What the task asks: Each entry is to be retyped without alteration, and no picture is to be included.

Raw data:
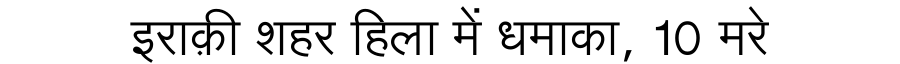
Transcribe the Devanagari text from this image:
इराक़ी शहर हिला में धमाका, 10 मरे
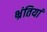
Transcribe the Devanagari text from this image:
भ्रंतियां
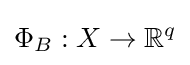
\Phi _{B}:X\rightarrow \mathbb {R} ^{q}
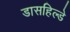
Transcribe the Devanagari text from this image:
डासहिल्डे
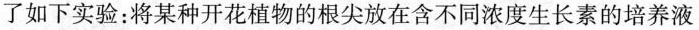
了如下实验：将某种开花植物的根尖放在含不同浓度生长素的培养液
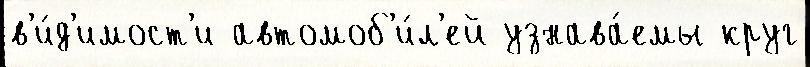
в'и́д'имост'и автомоб'и́л'ей узнава́емы круг
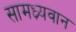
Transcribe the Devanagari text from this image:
सामध्र्यवान
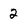
Character: 2
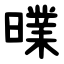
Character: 曗
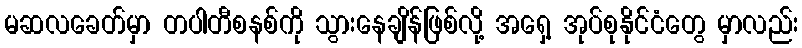
မဆလခေတ်မှာ တပါတီစနစ်ကို သွားနေချိန်ဖြစ်လို့ အရှေ့ အုပ်စုနိုင်ငံတွေ မှာလည်း
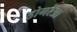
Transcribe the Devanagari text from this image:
डोगरेआ
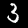
Label: 3
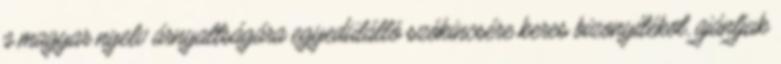
a magyar nyelv árnyaltságára egyedülálló szókincsére keres bizonyítékot, ajánljuk
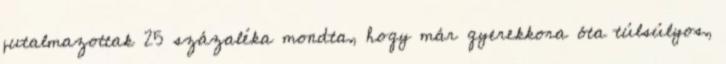
jutalmazottak 25 százaléka mondta, hogy már gyerekkora óta túlsúlyos,
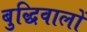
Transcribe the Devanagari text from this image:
बुद्धिवालों
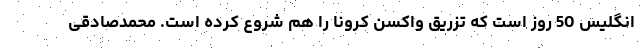
انگلیس 50 روز است که تزریق واکسن کرونا را هم شروع کرده است. محمدصادقی
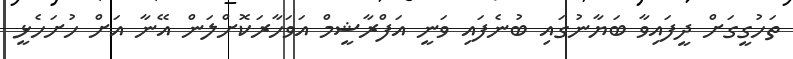
ތަހުގީގަށް ދީފައިވާ ބަޔާނުގައި ބުނެފައި ވަނީ އަފްރާޝީމް އަވަހާރަކޮށްލަން އޭނާ އަށް ހުށަހެޅީ

Response for this exercise:
Transcribe the Devanagari text from this image:
इराक़ी शहर हिला में धमाका, 10 मरे
Transcribe the Devanagari text from this image:
भ्रंतियां
\Phi _{B}:X\rightarrow \mathbb {R} ^{q}
Transcribe the Devanagari text from this image:
डासहिल्डे
了如下实验：将某种开花植物的根尖放在含不同浓度生长素的培养液
в'и́д'имост'и автомоб'и́л'ей узнава́емы круг
Transcribe the Devanagari text from this image:
सामध्र्यवान
Character: 2
Character: 曗
မဆလခေတ်မှာ တပါတီစနစ်ကို သွားနေချိန်ဖြစ်လို့ အရှေ့ အုပ်စုနိုင်ငံတွေ မှာလည်း
Transcribe the Devanagari text from this image:
डोगरेआ
Label: 3
a magyar nyelv árnyaltságára egyedülálló szókincsére keres bizonyítékot, ajánljuk
jutalmazottak 25 százaléka mondta, hogy már gyerekkora óta túlsúlyos,
Transcribe the Devanagari text from this image:
बुद्धिवालों
انگلیس 50 روز است که تزریق واکسن کرونا را هم شروع کرده است. محمدصادقی
ތަހުގީގަށް ދީފައިވާ ބަޔާނުގައި ބުނެފައި ވަނީ އަފްރާޝީމް އަވަހާރަކޮށްލަން އޭނާ އަށް ހުށަހެޅީ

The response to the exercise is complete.